HOW TO COMPLETE THIS TASK » Determine how many lines in the records hold the word "baseline". Return the number alone.

SUPPLIED MATERIAL »
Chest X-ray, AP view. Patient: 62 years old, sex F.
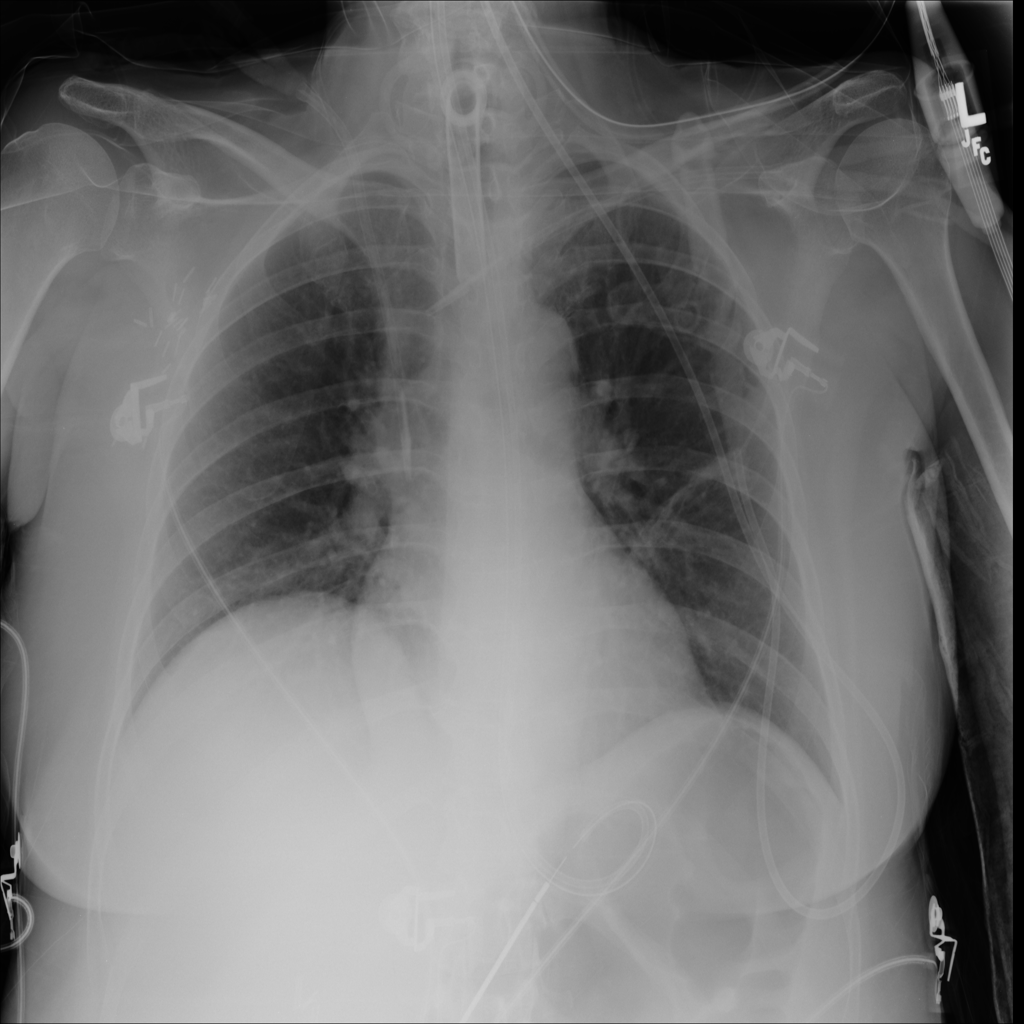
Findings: No Finding
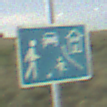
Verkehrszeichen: BeginnVerkehrsberuhigterBereich
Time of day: Night
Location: Outdoor (Nature)
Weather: Clear
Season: NotSpecified
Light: Natural
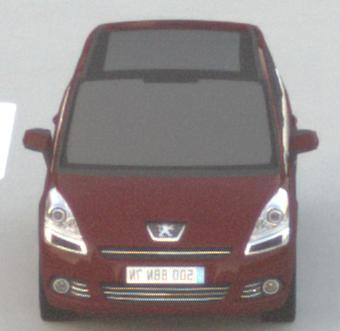
Make: Peugeot
Model: 5008 120 VTi
Detailed model: 5008 (I) Van
Model produced from: 2009/10
Model produced until: 2011/07
Doors: 5
Color: red
Road condition: dry road
Daytime: sunrise or sunset
Contrast: low contrast
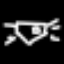
Label: diamond
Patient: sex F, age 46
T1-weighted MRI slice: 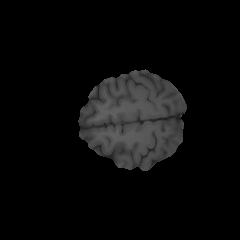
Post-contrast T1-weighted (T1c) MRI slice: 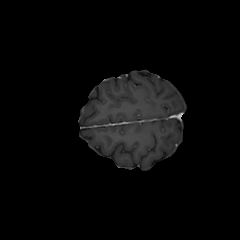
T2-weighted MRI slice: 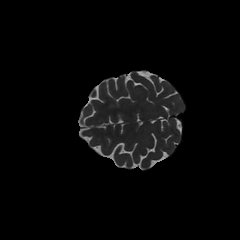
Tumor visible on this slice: no
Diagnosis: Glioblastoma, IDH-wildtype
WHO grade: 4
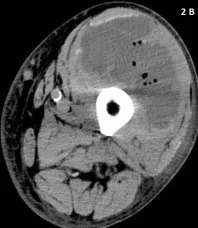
(A, B, C) cross sectional images of the thigh from superior to inferior (femoral condyles seen). Fluid collection and air bubbles are again seen in the anterior compartment.
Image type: radiology (ct)
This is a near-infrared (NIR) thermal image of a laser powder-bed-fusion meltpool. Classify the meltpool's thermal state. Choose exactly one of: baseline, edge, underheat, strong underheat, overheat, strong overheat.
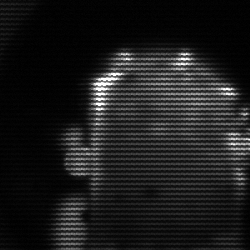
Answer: baseline
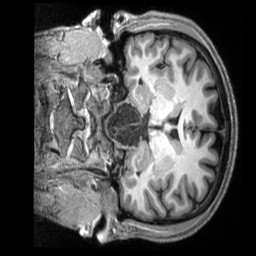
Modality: T1w
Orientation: coronal
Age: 34
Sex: male
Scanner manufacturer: siemens
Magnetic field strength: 3 T
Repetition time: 2.3 s
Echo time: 0.00229 s
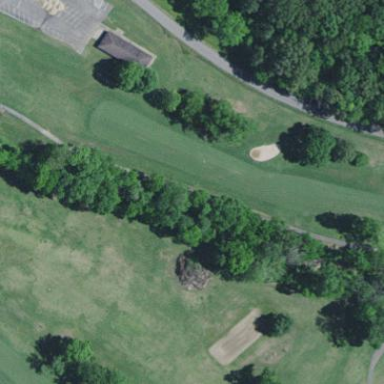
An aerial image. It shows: Rough area on grassy golf course.
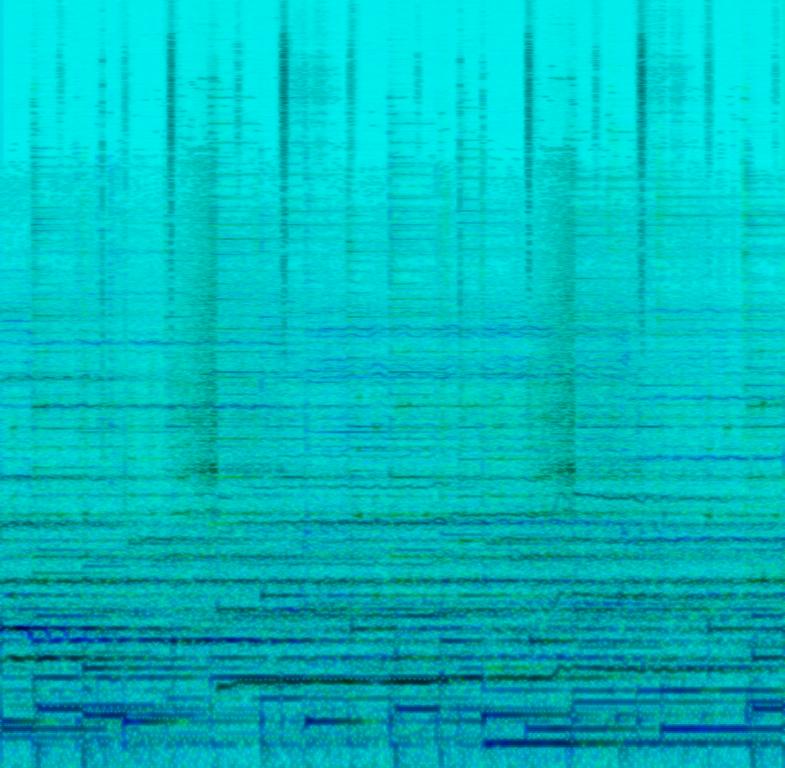
Thissong contains two acoustic guitars panned to both sides of the speakers finger picking a repeating melody. In the background a synth pad/drone is playing a continuous chord in the mid- to high range. A female voice is adding a vocal melody in a higher register along with different flute sounds repeating the same melody. The elements are spread across the sides of the speakers. A shaker is holding the rhythmic part with reverb. This song may be playing for a slow ecstatic dance.
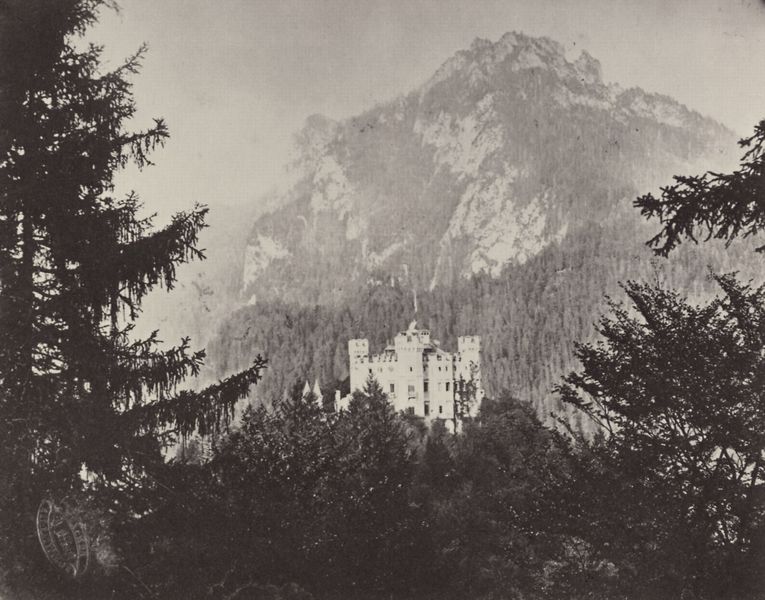
Titel: Schloss Hohenschwangau von Westen
Künstler: Joseph Albert
Standort: Augsburg
Institution: Staats- und Stadtbibliothek
Schlagwörter: baum, berg, blätter, dunkel, felsen, gemälde, himmel, schatten, weiß, wolken, bäume, landschaft, äste, fenster, grau, hell, hintergrund, licht, schwarz, ausblick, blick, dach, gebäude, haus, schloss, schnee, wolke, architektur, bild, signatur, ast, baumstamm, hügel, natur, strauch, zweige, busch, büsche, einsam, gebüsch, sträucher, kontrast, tal, wald, turm, deutschland, aussicht, sommer, ansicht, fahne, abhang, berge, fels, felswand, gebirge, gipfel, hang, dächer, nebel, massiv, schlucht, weis, romantik, tannen, unwetter, wetter, könig, frühling, zinnen, foto, fotografie, panorama, photographie, regen, versteckt, burg, höhe, bayern, türme, alpen, zweig, festung, wälder, berggipfel, schwarz-weiss, baun, stempel, fichte, nadelbaum, tanne, trüb, österreich, photo, wappen, sims, sicht, märchen, nadelbäume, fichten, tannenwald, nadeln, nadelwald, verborgen, kulisse, hänge, bau, nadelhölzer, phantasie, aufnahme, ludwig, schneegipfel, chateau, wals, zinne, auf, castle, neo, ecktürme, ludwig ii, märchenschloss, neuschwanstein, flanken, könig ludwig, schneewittchen, bergkulisse, bildrand, disney, hohenschwangau, königsschloss, könig ludwig ii., bergschloss, fichtengebirge, schwärzwald, bayxern
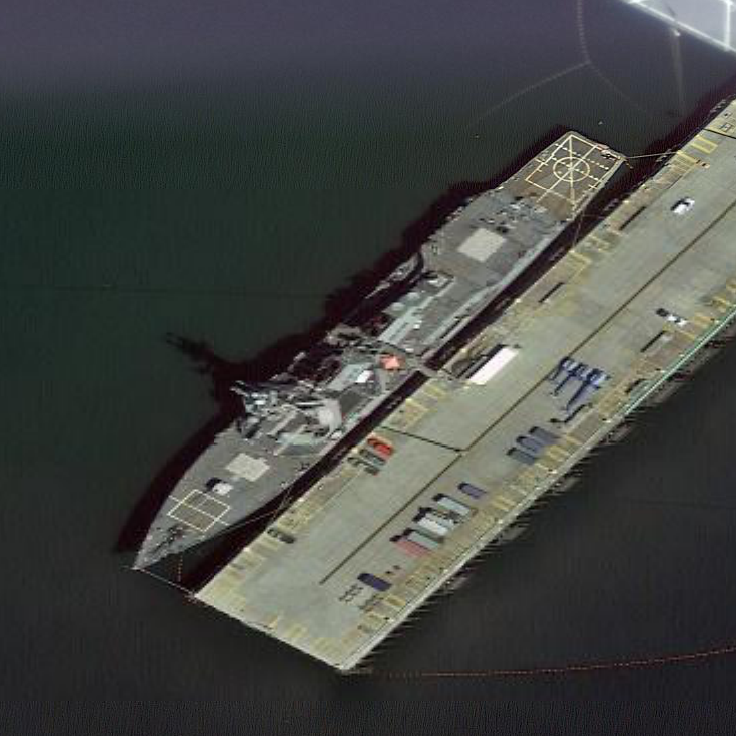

ANSWER SPACE » 2